Exercise details: Carry none of the pictures over; write out the complete data exactly.

[Dataset records]
○ ○ ○
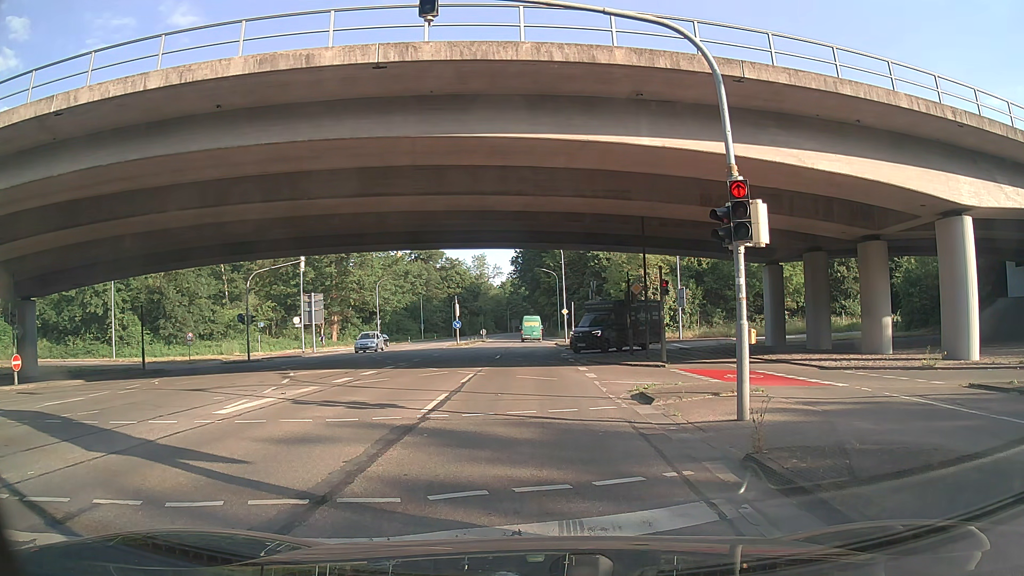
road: secondary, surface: asphalt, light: Day
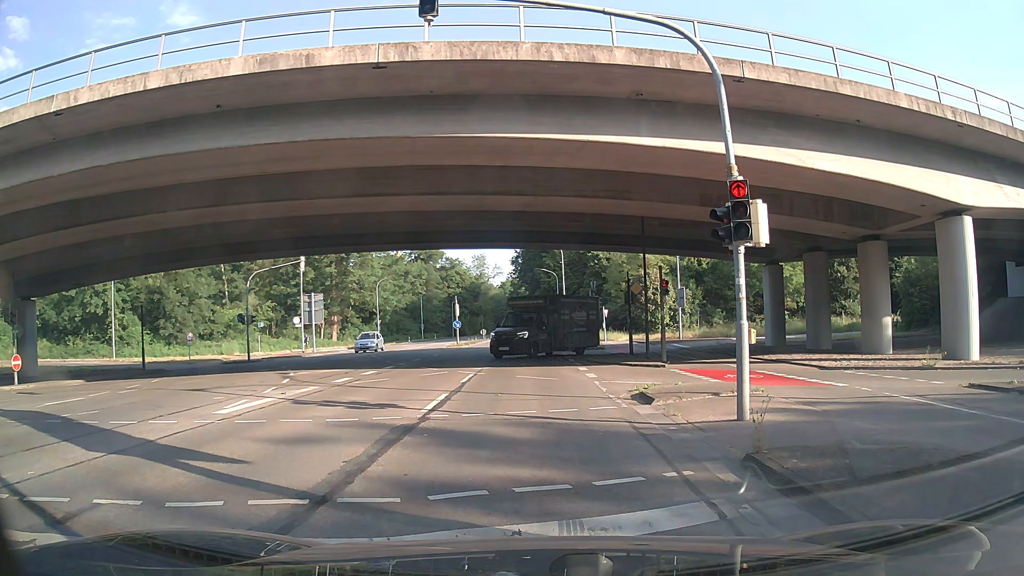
(0.0, 0.0) m; 0°
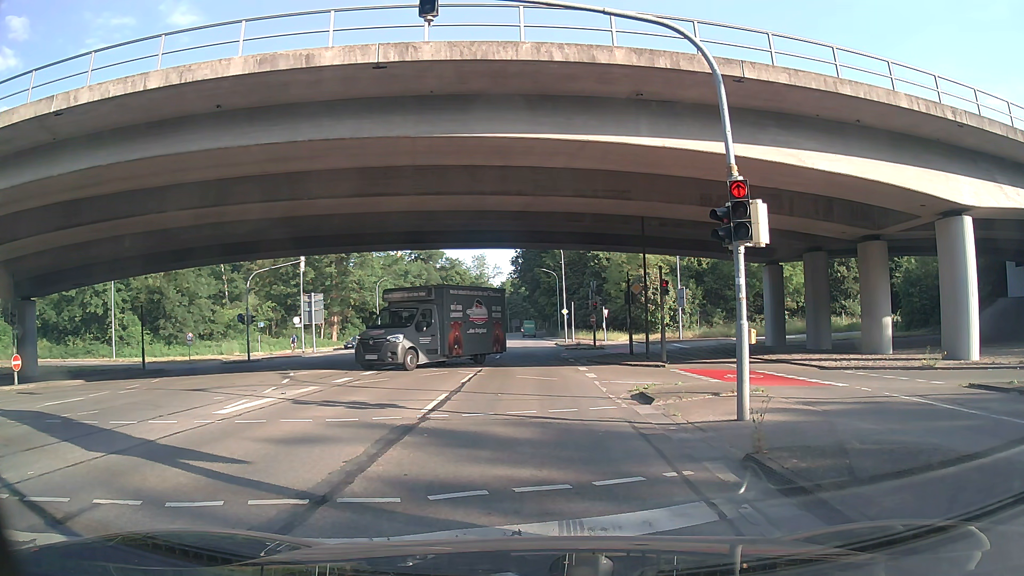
(0.0, 0.0) m; 0°
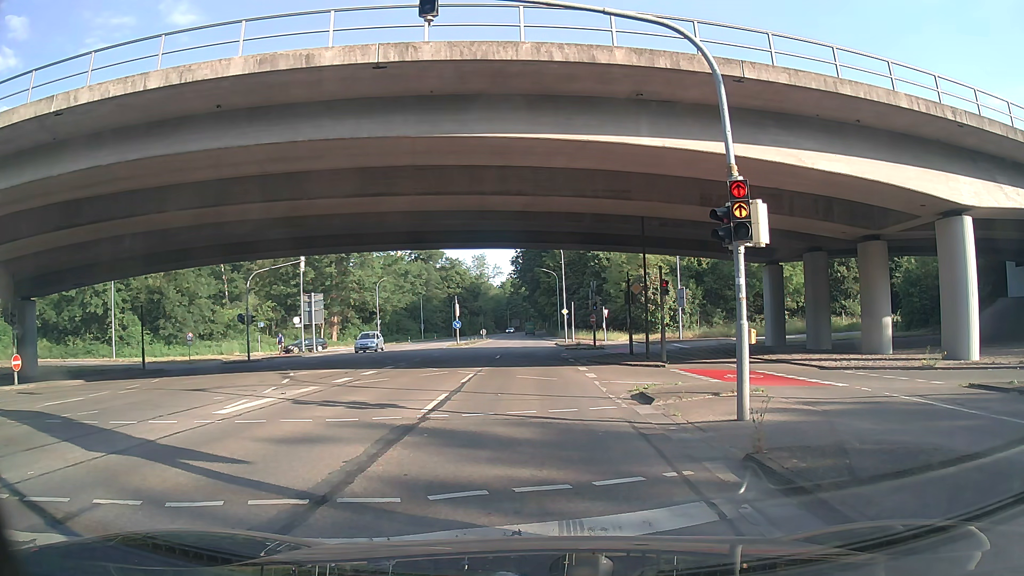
(0.0, 0.0) m; 0°
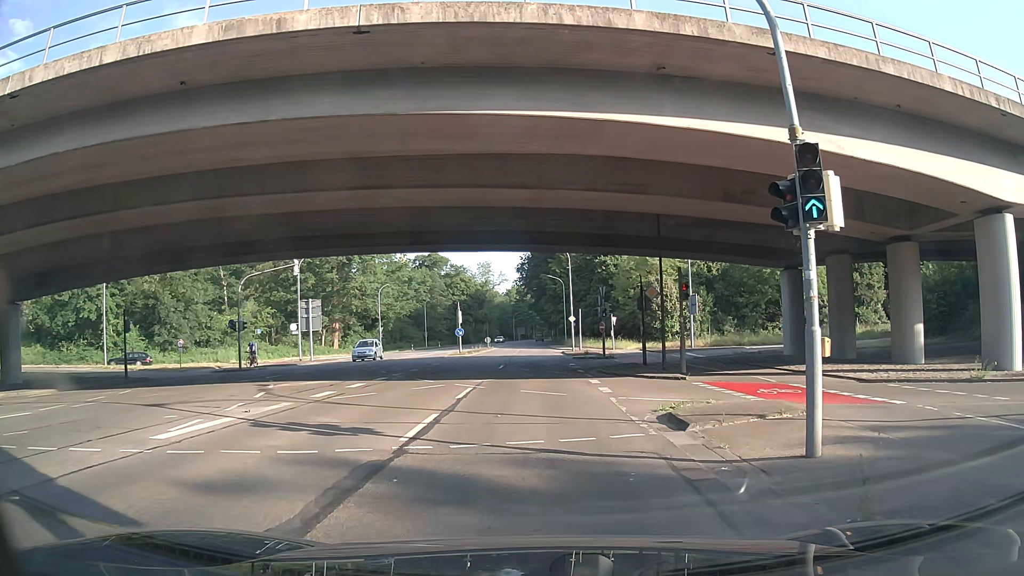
(+0.1, +2.5) m; +2°
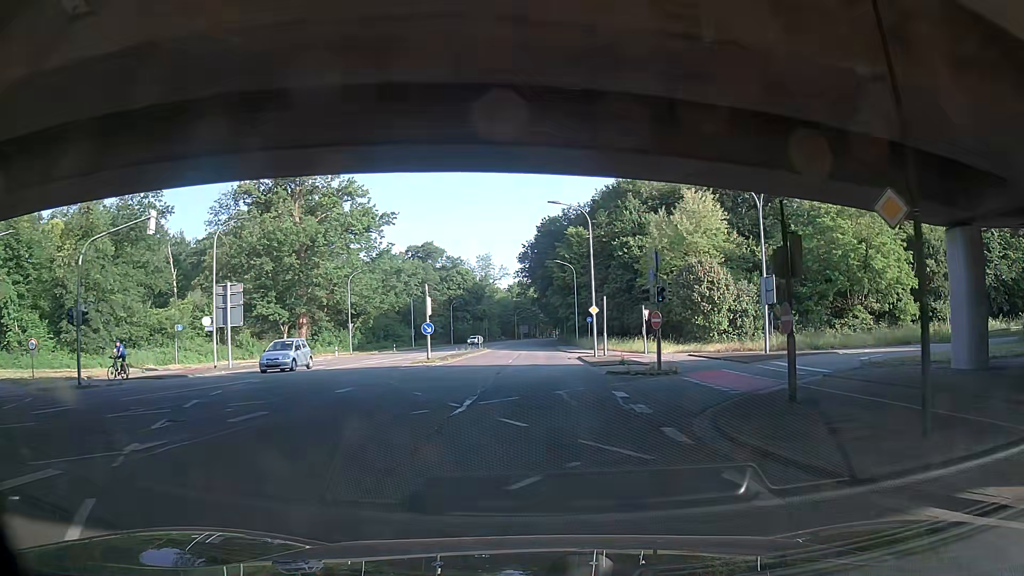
(0.0, +17.5) m; 0°
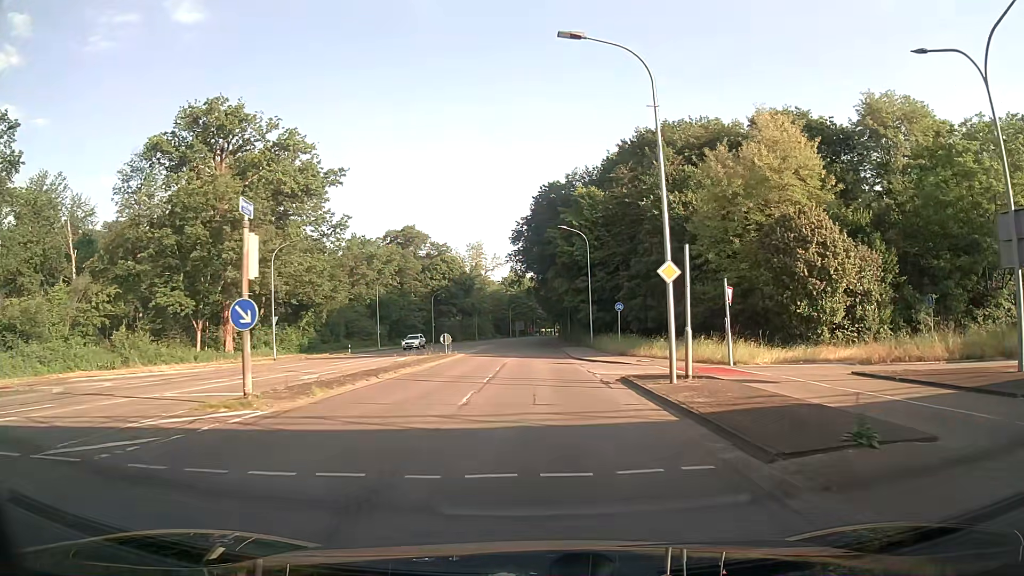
(-0.9, +22.1) m; 0°
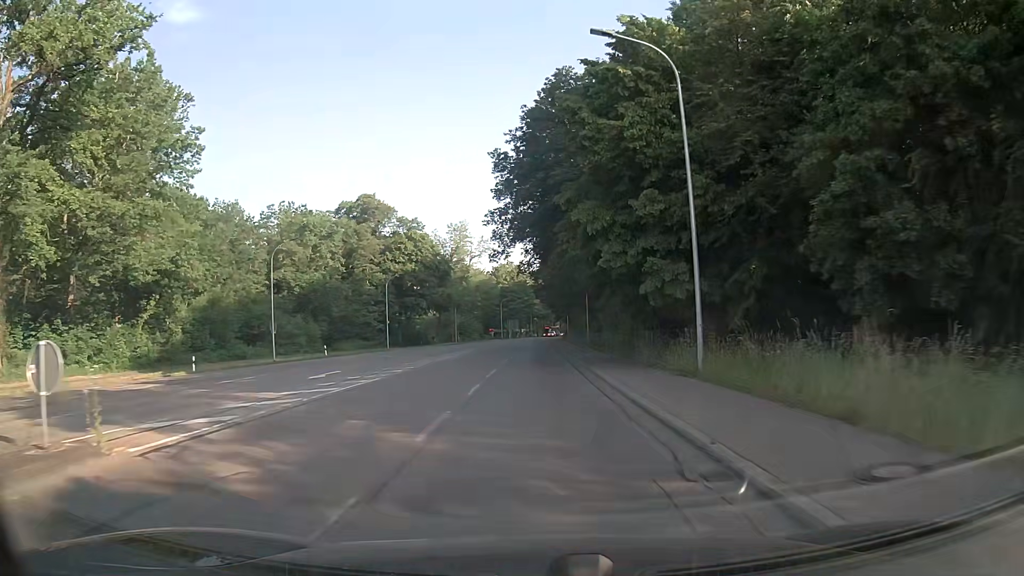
(-0.2, +34.7) m; 0°
(0, +10) (0, +20) (0, +30) (0, +40) (0, +50) (0, +60) (0, +70) (0, +80) (0, +90) (+1, +100) m
○ ○ ○
Reply:
road: secondary, surface: asphalt, light: Day
(0.0, 0.0) m; 0°
(0.0, 0.0) m; 0°
(0.0, 0.0) m; 0°
(+0.1, +2.5) m; +2°
(0.0, +17.5) m; 0°
(-0.9, +22.1) m; 0°
(-0.2, +34.7) m; 0°
(0, +10) (0, +20) (0, +30) (0, +40) (0, +50) (0, +60) (0, +70) (0, +80) (0, +90) (+1, +100) m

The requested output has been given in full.